A screenshot of the Create replication instance page in the AWS DMS console.

Create replication instance page in the AWS DMS console

A screenshot of options on the create replication instance page in the AWS DMS console.

Options on the create replication instance page in the AWS DMS console

Define database source and target endpoints

A database endpoint is used by the replication instance to connect to a database. To perform a database migration, you must create both a source database endpoint and a target database endpoint. The specified database endpoints can be on premises, running on Amazon EC2, or running on Amazon RDS, but the source and target cannot both be on premises.

AWS highly recommendeds that you test your database endpoint connection after you define it. The same page used to create a database endpoint can also be used to test it, as explained later in this paper.

Note: If you have foreign key constraints in your source schema, when creating your target endpoint you need to enter the following for Extra connection attributes in the Advanced section:

initstmt=SET FOREIGN_KEY_CHECKS=0

This disables the foreign key checks while the target tables are being loaded. This in turn prevents the load from being interrupted by failed foreign key checks on partially loaded tables.

A screenshot of the create database endpoint page in the AWS DMS console .

Create database endpoint page in the AWS DMS console

Create and run a migration task

Now that you have created and tested your source database endpoint and your target database endpoint, you can create a task to do the data migration. When you create a task, you specify the replication instance that you have created, the database migration method type (discussed earlier), the source database endpoint, and your target database endpoint for your Amazon Aurora database cluster.

Also, under Task Settings, if you have already created the full schema in the target database, then you should change the Target table preparation mode to Do nothing rather than using the default value of Drop tables on target.
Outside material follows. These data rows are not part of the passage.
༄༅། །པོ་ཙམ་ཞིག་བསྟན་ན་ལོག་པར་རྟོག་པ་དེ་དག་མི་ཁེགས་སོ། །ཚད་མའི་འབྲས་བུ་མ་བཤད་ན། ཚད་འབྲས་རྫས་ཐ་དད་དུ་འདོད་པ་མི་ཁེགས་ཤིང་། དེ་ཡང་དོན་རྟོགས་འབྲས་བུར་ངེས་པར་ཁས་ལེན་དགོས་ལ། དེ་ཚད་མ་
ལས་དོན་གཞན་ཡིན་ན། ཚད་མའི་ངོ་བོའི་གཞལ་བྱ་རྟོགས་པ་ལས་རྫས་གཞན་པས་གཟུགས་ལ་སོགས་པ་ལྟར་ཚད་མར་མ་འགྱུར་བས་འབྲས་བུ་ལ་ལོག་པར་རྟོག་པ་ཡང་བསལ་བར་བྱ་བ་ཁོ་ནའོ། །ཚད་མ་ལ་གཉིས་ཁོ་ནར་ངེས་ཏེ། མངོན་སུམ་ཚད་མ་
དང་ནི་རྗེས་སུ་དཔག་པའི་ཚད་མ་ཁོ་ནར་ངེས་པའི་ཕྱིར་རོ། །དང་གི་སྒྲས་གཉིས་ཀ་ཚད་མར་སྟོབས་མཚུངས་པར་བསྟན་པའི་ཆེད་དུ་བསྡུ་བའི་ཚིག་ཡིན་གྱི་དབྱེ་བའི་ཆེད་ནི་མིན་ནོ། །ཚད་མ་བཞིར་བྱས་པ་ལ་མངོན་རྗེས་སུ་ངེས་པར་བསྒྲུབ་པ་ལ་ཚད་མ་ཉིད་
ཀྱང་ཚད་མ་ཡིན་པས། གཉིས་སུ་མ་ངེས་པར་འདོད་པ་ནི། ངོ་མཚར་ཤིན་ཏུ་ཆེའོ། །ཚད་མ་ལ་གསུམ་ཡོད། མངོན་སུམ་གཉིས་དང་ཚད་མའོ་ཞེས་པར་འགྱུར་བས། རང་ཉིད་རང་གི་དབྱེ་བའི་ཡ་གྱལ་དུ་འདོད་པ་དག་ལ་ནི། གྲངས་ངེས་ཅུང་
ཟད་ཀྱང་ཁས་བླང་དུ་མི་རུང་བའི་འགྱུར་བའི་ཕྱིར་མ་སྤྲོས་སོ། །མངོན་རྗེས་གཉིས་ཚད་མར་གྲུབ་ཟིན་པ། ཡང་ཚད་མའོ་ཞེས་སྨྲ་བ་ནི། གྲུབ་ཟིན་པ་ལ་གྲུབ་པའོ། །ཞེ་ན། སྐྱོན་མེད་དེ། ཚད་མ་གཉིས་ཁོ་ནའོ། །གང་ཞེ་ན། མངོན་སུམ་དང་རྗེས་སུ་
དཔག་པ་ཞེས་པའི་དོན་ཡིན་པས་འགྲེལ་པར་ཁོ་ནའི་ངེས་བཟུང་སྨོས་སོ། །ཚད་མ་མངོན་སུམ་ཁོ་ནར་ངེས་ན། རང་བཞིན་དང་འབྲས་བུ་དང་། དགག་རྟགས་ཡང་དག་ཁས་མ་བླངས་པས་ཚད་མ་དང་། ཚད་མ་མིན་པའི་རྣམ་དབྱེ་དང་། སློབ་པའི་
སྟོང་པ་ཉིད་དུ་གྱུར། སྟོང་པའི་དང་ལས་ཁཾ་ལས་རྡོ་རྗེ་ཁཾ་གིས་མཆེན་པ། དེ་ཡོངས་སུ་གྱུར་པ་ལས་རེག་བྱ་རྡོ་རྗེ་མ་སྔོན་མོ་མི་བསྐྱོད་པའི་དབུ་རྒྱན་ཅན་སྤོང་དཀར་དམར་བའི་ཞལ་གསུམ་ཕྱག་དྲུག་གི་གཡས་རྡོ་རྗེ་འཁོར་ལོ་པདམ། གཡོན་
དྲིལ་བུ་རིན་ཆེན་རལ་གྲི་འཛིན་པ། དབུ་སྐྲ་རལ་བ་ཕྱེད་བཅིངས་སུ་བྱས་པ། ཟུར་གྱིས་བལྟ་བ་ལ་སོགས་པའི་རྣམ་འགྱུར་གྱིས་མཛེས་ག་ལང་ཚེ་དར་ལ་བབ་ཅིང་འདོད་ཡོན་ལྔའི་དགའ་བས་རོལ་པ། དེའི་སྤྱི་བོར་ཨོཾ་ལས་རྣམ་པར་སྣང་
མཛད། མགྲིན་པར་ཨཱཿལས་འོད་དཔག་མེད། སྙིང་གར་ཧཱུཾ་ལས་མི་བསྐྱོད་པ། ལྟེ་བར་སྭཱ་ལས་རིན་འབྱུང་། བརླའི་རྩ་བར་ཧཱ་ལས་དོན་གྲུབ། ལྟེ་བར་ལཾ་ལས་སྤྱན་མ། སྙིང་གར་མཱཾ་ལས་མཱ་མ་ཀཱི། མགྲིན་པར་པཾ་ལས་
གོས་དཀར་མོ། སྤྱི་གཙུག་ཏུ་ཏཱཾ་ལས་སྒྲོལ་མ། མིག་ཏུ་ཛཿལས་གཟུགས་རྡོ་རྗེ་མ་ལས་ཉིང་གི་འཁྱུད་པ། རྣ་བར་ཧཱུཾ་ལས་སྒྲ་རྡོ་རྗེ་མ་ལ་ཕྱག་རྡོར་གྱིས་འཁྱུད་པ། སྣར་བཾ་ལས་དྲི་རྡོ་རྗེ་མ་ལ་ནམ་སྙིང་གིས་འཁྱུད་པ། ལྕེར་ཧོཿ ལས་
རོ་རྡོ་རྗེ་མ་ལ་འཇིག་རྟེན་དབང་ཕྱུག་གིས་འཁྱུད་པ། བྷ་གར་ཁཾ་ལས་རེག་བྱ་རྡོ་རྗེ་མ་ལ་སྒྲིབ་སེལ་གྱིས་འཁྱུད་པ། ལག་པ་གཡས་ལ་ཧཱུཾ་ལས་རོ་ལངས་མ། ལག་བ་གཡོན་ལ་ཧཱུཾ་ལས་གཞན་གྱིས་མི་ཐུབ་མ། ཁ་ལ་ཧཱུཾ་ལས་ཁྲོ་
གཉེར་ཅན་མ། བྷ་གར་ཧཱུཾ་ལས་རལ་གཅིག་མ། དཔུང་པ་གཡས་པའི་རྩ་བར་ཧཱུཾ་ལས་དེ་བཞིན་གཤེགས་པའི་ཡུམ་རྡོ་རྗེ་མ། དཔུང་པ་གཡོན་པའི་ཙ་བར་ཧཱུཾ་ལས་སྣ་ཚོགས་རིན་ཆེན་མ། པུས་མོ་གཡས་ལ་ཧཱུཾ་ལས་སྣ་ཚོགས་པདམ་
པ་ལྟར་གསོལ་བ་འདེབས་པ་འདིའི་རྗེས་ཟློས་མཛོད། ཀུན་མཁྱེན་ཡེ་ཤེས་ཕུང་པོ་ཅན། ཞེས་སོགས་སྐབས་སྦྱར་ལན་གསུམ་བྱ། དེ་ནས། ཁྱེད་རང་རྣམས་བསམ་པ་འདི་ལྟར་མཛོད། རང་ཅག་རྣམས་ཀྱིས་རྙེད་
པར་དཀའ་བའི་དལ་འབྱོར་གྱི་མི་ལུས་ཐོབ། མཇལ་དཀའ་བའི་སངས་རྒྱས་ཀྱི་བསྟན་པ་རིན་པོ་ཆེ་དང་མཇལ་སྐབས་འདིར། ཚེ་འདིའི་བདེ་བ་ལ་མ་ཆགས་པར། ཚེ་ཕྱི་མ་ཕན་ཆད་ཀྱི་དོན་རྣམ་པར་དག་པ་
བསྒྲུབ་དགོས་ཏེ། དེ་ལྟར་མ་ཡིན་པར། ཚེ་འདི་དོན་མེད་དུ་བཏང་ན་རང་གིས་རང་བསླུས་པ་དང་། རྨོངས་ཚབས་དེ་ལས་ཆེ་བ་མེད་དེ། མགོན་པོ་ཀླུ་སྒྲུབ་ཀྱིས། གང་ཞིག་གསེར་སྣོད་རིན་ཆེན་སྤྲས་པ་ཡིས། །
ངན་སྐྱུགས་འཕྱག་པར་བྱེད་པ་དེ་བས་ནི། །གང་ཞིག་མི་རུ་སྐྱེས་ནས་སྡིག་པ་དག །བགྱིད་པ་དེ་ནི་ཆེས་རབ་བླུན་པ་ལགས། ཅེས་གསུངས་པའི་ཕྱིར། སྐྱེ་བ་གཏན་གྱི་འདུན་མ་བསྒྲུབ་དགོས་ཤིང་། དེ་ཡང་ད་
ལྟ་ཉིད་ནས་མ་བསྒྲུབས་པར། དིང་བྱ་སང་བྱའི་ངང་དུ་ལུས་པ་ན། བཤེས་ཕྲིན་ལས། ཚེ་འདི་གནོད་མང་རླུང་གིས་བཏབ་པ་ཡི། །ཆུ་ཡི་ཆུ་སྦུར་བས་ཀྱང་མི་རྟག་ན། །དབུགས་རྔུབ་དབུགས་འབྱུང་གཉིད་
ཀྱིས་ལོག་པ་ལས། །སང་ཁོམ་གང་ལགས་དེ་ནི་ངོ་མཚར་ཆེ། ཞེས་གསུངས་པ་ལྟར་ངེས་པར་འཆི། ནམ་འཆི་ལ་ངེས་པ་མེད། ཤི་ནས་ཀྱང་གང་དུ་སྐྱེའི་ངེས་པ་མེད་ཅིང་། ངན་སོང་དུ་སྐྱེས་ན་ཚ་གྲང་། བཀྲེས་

The latter can cause you to lose aspects of your schema definition like foreign key constraints when it drops and recreates tables.

When creating a task, you can create table mappings that specify the source schema along with the corresponding tables to be migrated to the target endpoint. The default mapping method migrates all source tables to target tables of the same name if they exist. Otherwise, it creates the source table(s) on the target (depending on your task settings). Additionally, you can create custom mappings (using a JSON file) if you want to migrate only certain tables or if you want to have more control over the field and table mapping process. You can also choose to migrate only one schema or all schemas from your source endpoint.

A screenshot of the Create database migration task page in the AWS DMS console

Create database migration task page in the AWS DMS console

A screenshot of the Task settings page in the AWS DMS console.

Task settings page in the AWS DMS console

You can use the AWS Management Console to monitor the progress of your AWS Database Migration Service (AWS DMS) tasks. You can also monitor the resources and network connectivity used. The AWS DMS console shows basic statistics for each task, including the task status, percent complete, elapsed time, and table statistics, as the following image shows.

A screenshot of AWS DMS Console task statistics.

AWS DMS Console task statistics

Additionally, you can select a task and display performance metrics for that task, including throughput, records per second migrated, disk and memory use, and latency.